Challenges and opportunities in mimicking non-enzymatic brown-rot decay mechanisms for pretreatment of Norway spruce

  • Olav Aaseth HegnarEmail author
  • Barry Goodell
  • Claus Felby
  • Lars Johansson
  • Nicole Labbé
  • Keonhee Kim
  • Vincent G. H. Eijsink
  • Gry Alfredsen
  • Anikó Várnai


The recalcitrance bottleneck of lignocellulosic materials presents a major challenge for biorefineries, including second-generation biofuel production. Because of their abundance in the northern hemisphere, softwoods, such as Norway spruce, are of major interest as a potential feedstock for biorefineries. In nature, softwoods are primarily degraded by basidiomycetous fungi causing brown rot. These fungi employ a non-enzymatic oxidative system to depolymerize wood cell wall components prior to depolymerization by a limited set of hydrolytic and oxidative enzymes. Here, it is shown that Norway spruce pretreated with two species of brown-rot fungi yielded more than 250% increase in glucose release when treated with a commercial enzyme cocktail and that there is a good correlation between mass loss and the degree of digestibility. A series of experiments was performed aimed at mimicking the brown-rot pretreatment, using a modified version of the Fenton reaction. A small increase in digestibility after pretreatment was shown where the aim was to generate reactive oxygen species within the wood cell wall matrix. Further experiments were performed to assess the possibility of performing pretreatment and saccharification in a single system, and the results indicated the need for a complete separation of oxidative pretreatment and saccharification. A more severe pretreatment was also completed, which interestingly did not yield a more digestible material.
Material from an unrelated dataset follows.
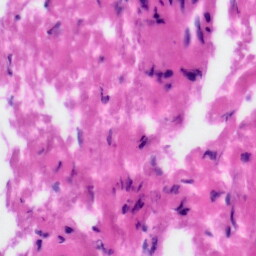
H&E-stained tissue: Tonsil

It was concluded that a biomimicking approach to pretreatment of softwoods using brown-rot fungal mechanisms is possible, but that there are additional factors of the system that need to be known and optimized before serious advances can be made to compete with already existing pretreatment methods.



This work was financed by the Research Council of Norway 243663/E50 BioMim and the Norwegian Institute for Bioeconomy Research.

Supplementary material

226_2019_1076_MOESM1_ESM.docx (27 kb)
Supplementary material 1 (DOCX 26 kb)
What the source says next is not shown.